Arcade Fire, Neon Bible


The omens aren’t good. Towers of Babel falling. Blood and fire in Babylon. The tide continually rising. After decades of inertia, history has suddenly remembered us. And they appeared before we even realised we needed them, the finest band of a new troubled century, the soundtrack to new Rome going down in flames and taking the world with it. For many Funeral was more than just another album, it was an affirmative roar in the face of death, a dark yet uplifting distillation of the times. The good news is they still have it.

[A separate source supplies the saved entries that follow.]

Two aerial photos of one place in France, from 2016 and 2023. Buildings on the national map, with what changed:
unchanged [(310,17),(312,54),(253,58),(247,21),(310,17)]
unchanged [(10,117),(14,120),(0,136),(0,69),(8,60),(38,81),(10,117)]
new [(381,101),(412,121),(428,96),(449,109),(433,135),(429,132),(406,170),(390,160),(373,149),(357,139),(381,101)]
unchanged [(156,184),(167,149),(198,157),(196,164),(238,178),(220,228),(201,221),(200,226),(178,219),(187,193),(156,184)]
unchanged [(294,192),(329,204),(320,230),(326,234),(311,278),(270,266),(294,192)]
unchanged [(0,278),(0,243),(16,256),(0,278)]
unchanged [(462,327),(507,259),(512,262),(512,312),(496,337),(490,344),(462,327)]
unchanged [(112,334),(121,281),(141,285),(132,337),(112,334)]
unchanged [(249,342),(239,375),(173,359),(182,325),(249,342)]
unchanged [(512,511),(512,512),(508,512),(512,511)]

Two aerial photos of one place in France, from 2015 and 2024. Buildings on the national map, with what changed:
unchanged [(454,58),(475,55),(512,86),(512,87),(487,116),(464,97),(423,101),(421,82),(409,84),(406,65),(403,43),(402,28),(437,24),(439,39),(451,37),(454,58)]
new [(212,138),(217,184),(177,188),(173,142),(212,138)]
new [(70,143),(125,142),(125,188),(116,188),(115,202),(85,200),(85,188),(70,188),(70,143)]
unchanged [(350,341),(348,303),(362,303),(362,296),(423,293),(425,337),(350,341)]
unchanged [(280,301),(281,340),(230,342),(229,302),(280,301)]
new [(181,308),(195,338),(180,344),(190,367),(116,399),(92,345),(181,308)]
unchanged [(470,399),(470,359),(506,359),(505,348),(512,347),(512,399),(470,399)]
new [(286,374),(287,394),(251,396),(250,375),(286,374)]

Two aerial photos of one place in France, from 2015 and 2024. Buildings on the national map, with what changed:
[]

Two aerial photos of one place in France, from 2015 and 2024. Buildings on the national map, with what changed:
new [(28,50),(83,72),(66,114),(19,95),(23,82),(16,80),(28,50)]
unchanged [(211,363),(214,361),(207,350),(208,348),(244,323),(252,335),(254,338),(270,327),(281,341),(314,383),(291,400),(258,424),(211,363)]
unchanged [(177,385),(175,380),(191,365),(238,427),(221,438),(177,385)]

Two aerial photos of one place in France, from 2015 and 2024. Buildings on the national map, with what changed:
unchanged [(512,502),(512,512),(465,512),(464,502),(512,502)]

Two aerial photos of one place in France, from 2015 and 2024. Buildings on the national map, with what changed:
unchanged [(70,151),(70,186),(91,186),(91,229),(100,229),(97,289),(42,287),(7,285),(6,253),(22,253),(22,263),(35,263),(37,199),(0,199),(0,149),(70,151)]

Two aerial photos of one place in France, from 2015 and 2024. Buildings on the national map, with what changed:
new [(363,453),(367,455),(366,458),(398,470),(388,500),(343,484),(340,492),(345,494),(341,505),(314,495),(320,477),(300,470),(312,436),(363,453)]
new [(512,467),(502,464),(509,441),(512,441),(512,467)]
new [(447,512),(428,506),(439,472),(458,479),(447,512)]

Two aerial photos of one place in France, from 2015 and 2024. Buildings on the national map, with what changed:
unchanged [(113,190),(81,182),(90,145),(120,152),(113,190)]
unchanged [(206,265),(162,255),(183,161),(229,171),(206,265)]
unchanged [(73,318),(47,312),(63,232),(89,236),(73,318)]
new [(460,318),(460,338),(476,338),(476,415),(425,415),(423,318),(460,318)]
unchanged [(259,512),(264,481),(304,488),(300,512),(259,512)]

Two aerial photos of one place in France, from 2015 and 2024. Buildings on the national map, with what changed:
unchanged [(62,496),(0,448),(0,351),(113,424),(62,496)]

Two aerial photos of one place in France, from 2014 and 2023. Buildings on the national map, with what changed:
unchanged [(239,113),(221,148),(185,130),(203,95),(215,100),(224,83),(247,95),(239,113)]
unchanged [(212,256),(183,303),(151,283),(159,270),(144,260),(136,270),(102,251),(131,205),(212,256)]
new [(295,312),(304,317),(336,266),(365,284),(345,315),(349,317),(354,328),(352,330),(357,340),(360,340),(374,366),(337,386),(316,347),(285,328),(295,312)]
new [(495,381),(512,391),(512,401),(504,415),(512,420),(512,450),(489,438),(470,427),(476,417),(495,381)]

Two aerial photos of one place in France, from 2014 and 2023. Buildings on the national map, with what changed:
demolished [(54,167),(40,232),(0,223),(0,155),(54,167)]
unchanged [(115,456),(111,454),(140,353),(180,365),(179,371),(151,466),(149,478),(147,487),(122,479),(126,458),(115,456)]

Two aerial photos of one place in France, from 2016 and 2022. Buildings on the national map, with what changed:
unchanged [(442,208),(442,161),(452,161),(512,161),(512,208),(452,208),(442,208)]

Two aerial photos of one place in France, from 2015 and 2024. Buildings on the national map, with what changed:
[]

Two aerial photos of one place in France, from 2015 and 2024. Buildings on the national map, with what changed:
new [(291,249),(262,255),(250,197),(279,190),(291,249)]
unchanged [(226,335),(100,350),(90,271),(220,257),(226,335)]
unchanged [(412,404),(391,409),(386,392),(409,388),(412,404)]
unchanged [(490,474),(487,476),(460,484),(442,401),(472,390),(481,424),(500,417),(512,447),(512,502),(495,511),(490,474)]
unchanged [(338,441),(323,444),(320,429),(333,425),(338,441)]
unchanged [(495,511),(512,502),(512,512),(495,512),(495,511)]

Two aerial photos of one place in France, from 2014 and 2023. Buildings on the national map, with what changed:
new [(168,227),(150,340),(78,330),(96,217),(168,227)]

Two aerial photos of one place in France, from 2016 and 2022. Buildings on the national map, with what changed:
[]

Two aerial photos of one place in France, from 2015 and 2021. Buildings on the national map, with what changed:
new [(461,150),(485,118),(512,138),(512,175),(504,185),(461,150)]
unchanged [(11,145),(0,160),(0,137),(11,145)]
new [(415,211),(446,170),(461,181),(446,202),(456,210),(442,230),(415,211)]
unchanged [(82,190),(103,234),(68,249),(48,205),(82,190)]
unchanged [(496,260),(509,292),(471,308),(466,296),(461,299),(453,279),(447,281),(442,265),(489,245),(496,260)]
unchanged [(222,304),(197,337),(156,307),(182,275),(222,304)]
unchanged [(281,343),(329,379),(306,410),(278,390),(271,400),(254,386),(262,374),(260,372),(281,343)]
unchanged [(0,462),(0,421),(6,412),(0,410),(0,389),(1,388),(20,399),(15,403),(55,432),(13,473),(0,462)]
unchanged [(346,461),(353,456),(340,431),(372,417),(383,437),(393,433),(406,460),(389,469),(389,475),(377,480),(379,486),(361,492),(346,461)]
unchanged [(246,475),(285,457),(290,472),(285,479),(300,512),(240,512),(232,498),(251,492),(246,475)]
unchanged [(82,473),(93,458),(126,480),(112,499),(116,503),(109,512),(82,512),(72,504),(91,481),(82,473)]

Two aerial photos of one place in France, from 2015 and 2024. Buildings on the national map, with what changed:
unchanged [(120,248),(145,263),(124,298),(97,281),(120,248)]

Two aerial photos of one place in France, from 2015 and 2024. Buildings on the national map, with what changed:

If Funeral was the sound of a band kicking the doors of alternative music open, the follow-up would be the sound of them ransacking whatever was inside. Early reports from the studio hinted at military choirs, a Hungarian Orchestra, contributors from Wolf Parade, Final Fantasy, Calexico.

Neon Bible is unashamedly epic and therein lies the real appeal of Arcade Fire. It’s not just the beauty of their music rather it’s the intensity, the fearless passions of the band, pointing a way out of the numbness, cowardice and post-modern gimmickry all too prevalent in modern music. Cause we’re tired mama, tired and full of dust and the time has come for sincerity. When the power’s out in the heart of man, someone must have the nerve to start it up again.

The opener “Black Mirror” startles, its Hammer Horror sound effects and haunted piano adding more than a hint of the gothic to proceedings, the chorus igniting like the dawn in some forgotten silent vampire film. “Mirror mirror on the wall, show me where them bombs will fall,” Win sings. This is not then, this is now it says. And that is a terrifying thing.

By contrast “Keep the Car Running” is perhaps the most conventional track they’ve ever released, with its chiming mandolin over a pounding Motor City rhythm section. But there’s darkness on the edge of town and not just in the “If some night I don’t come home” sentiments of the lyrics. The Springsteen influence, evident in the “C’mon hide your lovers/ underneath the covers” mumble of the mighty “Rebellion (Lies)”, bears fruit here with Win’s drawl and that E-Street beat. In fairness they’ve used it for the forces of good (unlike say The Killers who invoke The Boss in Satan’s service) focusing on the heartfelt convictions, the same desire for escape from the everyday destructions and redemptions of small town life.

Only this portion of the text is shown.